HOW TO COMPLETE THIS TASK: Below are records with pictures in them; print them exactly, omitting the pictures.
** EXTRACTED INFORMATION follows **
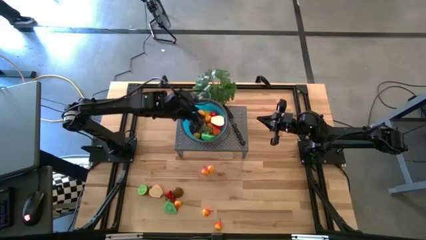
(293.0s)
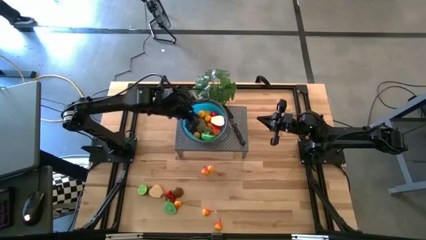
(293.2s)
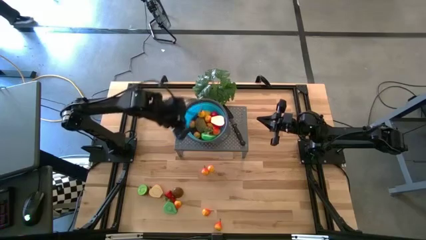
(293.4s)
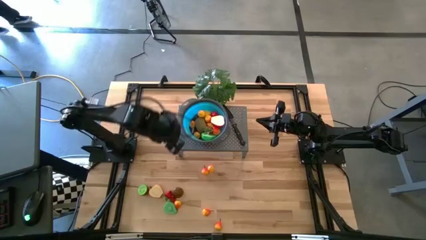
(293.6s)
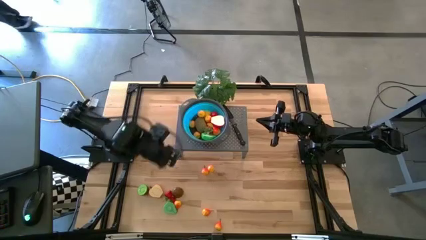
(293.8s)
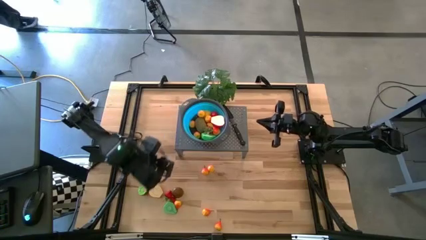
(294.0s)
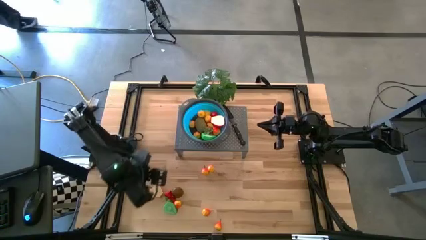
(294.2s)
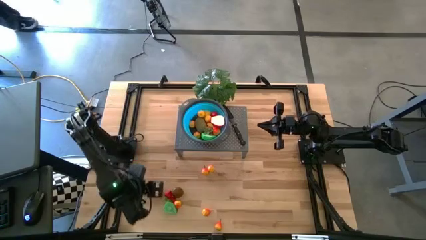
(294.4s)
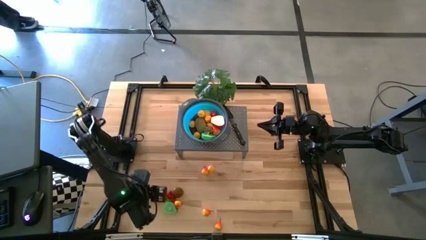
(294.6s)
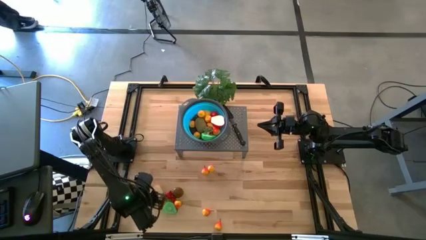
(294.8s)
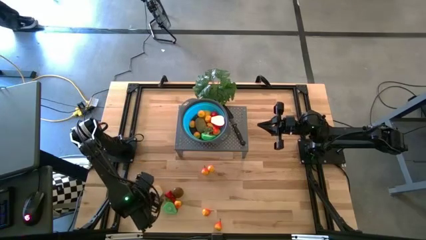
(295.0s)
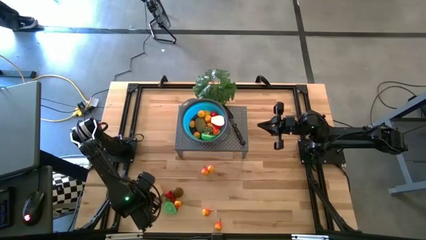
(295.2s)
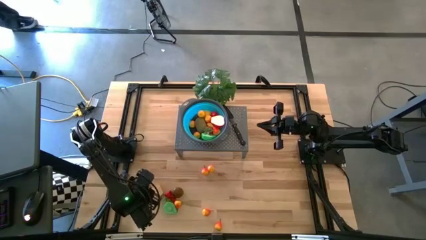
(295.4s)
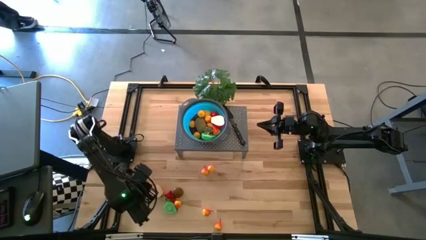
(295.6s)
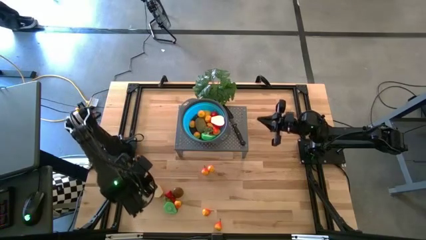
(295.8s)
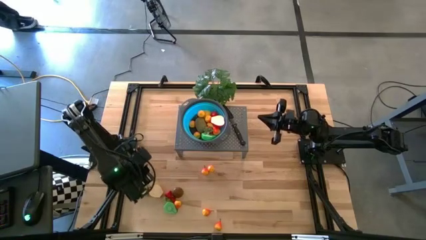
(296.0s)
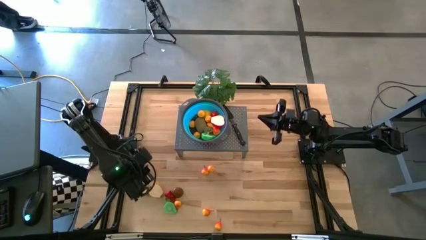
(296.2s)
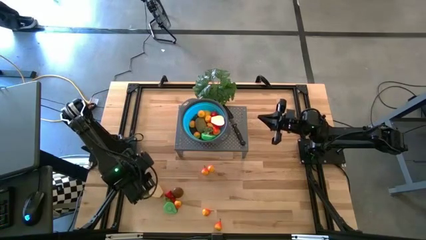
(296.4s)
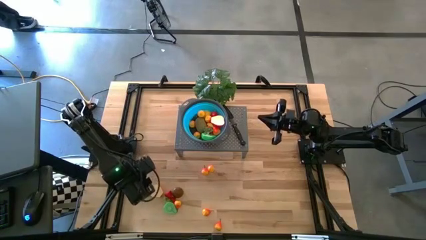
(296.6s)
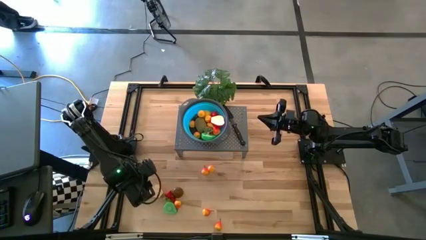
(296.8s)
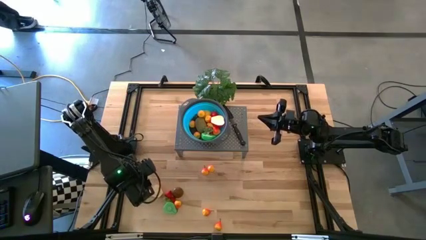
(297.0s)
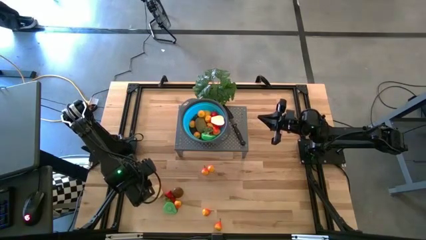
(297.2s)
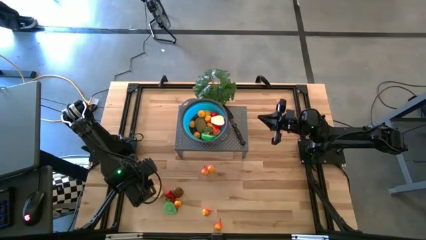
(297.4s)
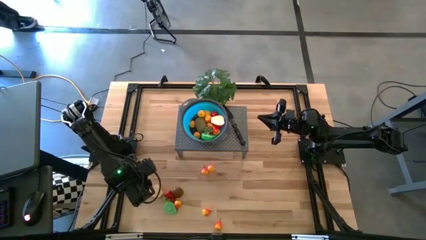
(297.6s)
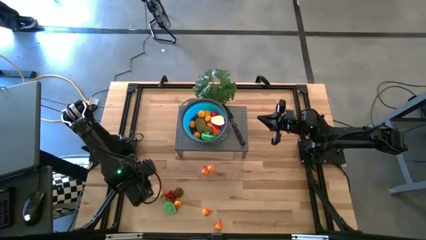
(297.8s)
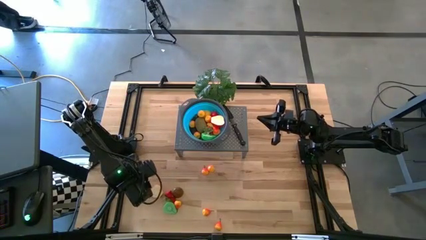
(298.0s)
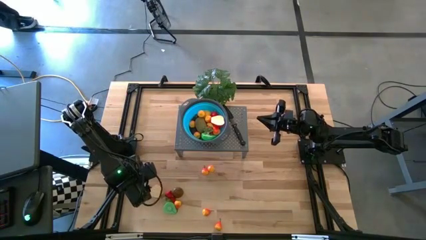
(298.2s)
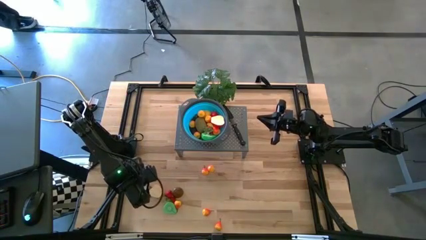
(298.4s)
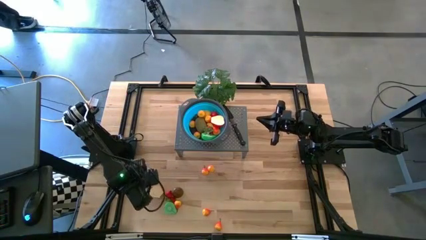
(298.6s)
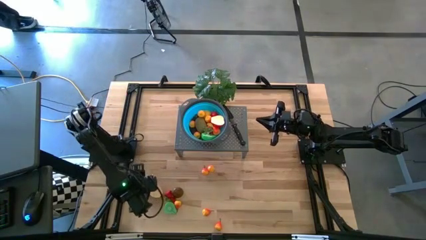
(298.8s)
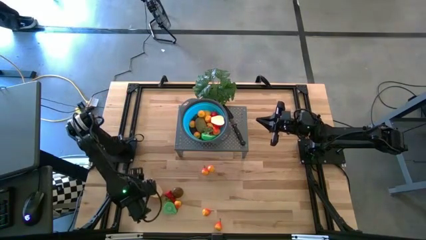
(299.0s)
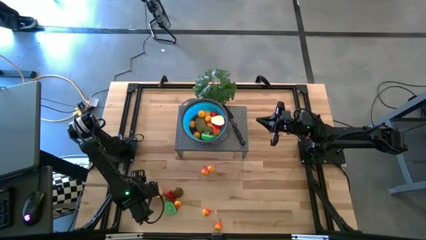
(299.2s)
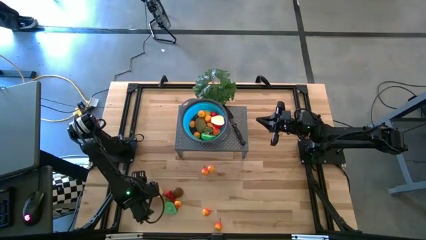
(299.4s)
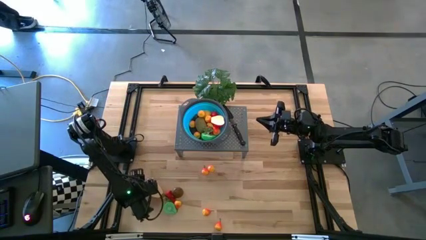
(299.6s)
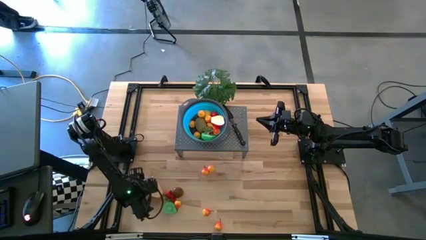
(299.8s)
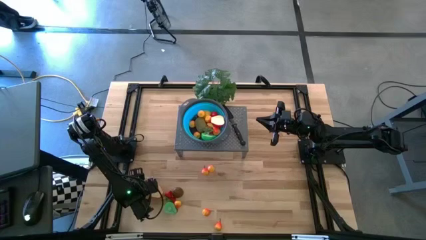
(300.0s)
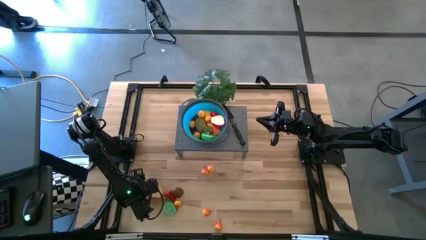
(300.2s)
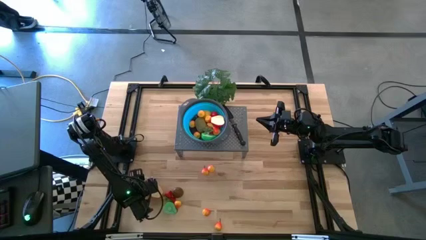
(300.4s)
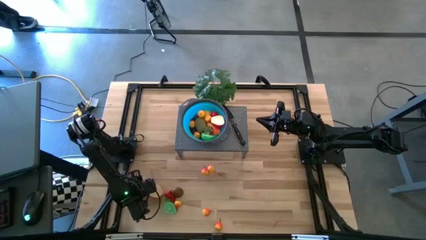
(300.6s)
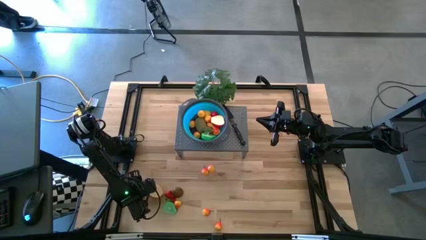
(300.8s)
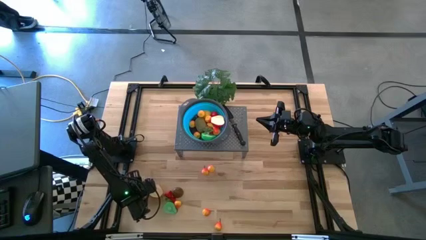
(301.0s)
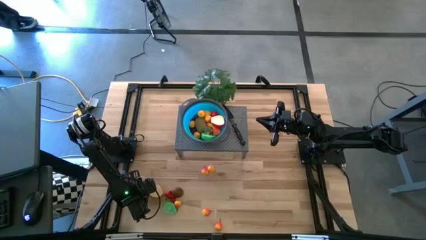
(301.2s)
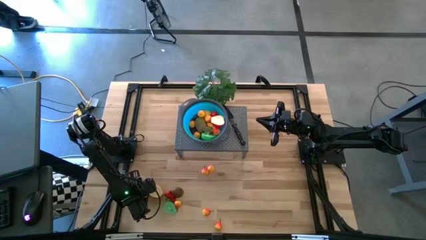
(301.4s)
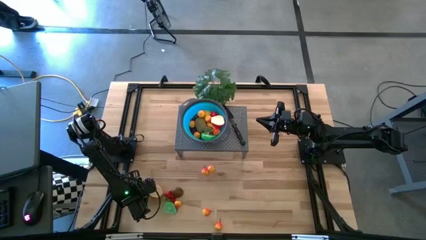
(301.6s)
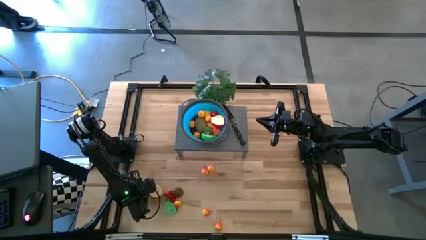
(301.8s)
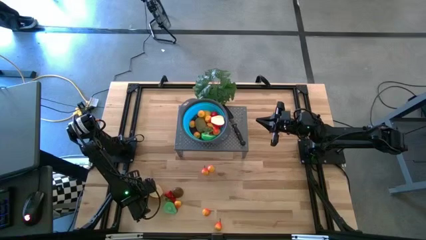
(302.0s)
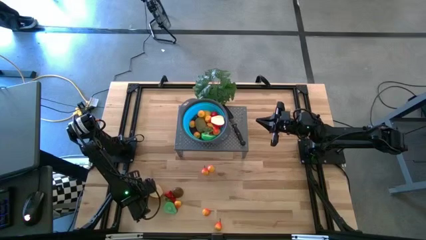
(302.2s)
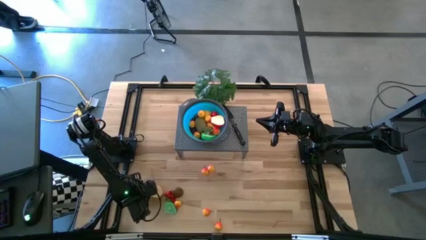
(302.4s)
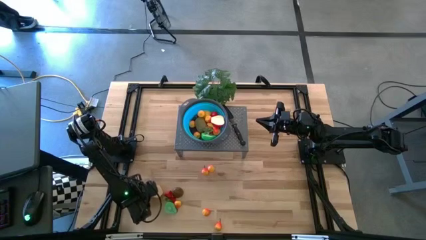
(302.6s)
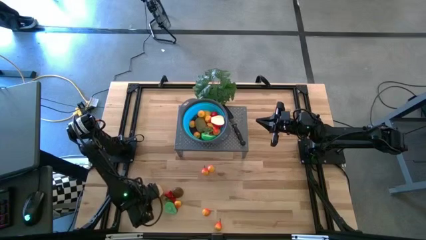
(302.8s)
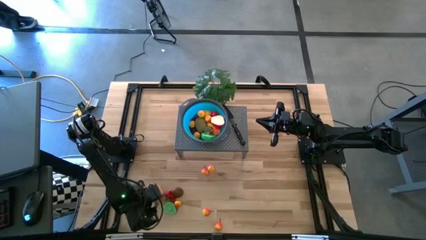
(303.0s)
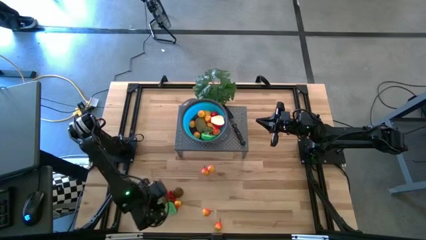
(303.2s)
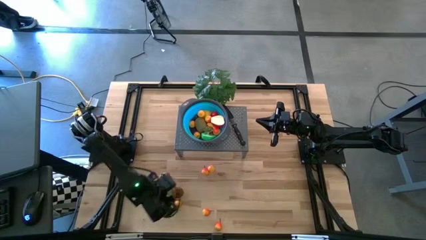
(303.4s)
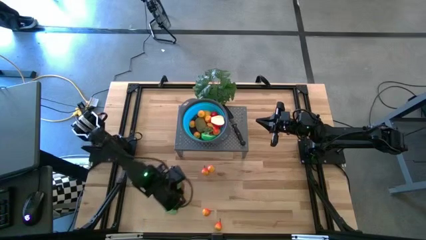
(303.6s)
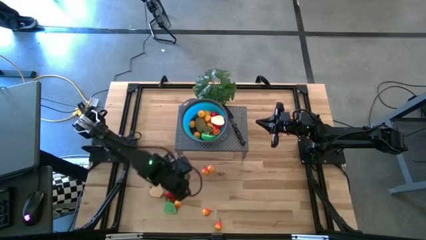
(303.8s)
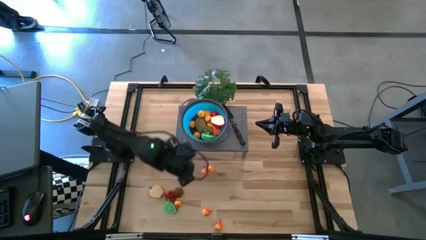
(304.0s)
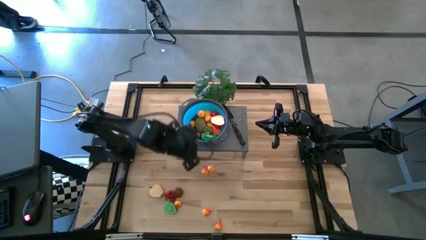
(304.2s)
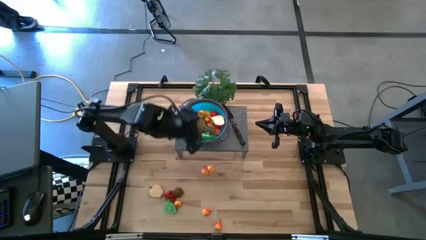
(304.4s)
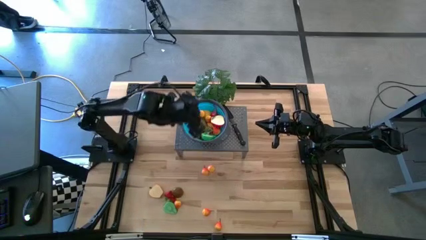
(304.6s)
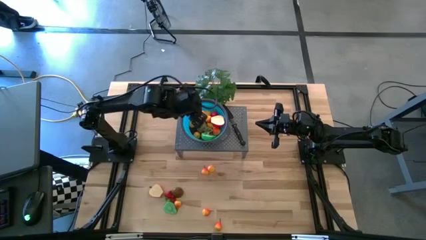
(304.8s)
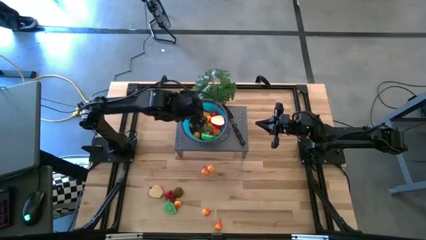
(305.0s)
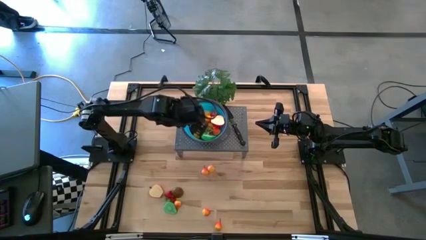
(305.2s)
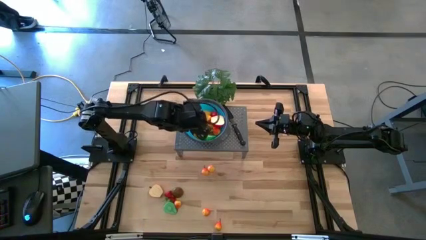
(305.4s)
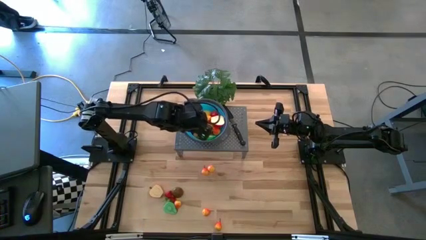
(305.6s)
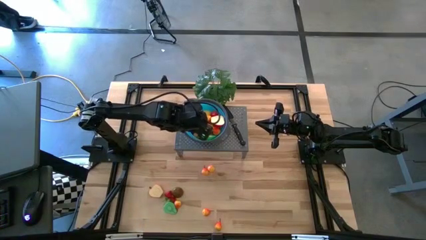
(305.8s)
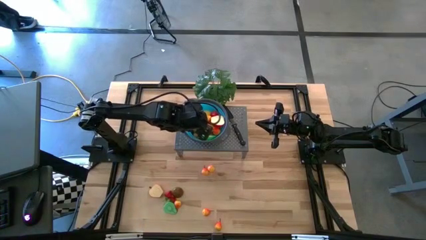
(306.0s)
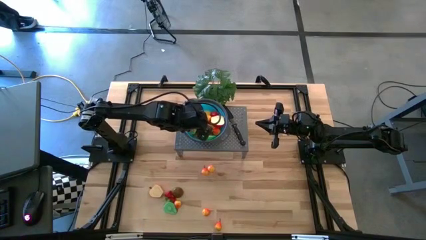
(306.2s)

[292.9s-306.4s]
Task: Pick & Place Fruit
Put the kiwi into the blue strainer bowl on the shelf
** End of EXTRACTED INFORMATION **
RESPONSE TO THE TASK:
(293.0s)
(293.2s)
(293.4s)
(293.6s)
(293.8s)
(294.0s)
(294.2s)
(294.4s)
(294.6s)
(294.8s)
(295.0s)
(295.2s)
(295.4s)
(295.6s)
(295.8s)
(296.0s)
(296.2s)
(296.4s)
(296.6s)
(296.8s)
(297.0s)
(297.2s)
(297.4s)
(297.6s)
(297.8s)
(298.0s)
(298.2s)
(298.4s)
(298.6s)
(298.8s)
(299.0s)
(299.2s)
(299.4s)
(299.6s)
(299.8s)
(300.0s)
(300.2s)
(300.4s)
(300.6s)
(300.8s)
(301.0s)
(301.2s)
(301.4s)
(301.6s)
(301.8s)
(302.0s)
(302.2s)
(302.4s)
(302.6s)
(302.8s)
(303.0s)
(303.2s)
(303.4s)
(303.6s)
(303.8s)
(304.0s)
(304.2s)
(304.4s)
(304.6s)
(304.8s)
(305.0s)
(305.2s)
(305.4s)
(305.6s)
(305.8s)
(306.0s)
(306.2s)

[292.9s-306.4s]
Task: Pick & Place Fruit
Put the kiwi into the blue strainer bowl on the shelf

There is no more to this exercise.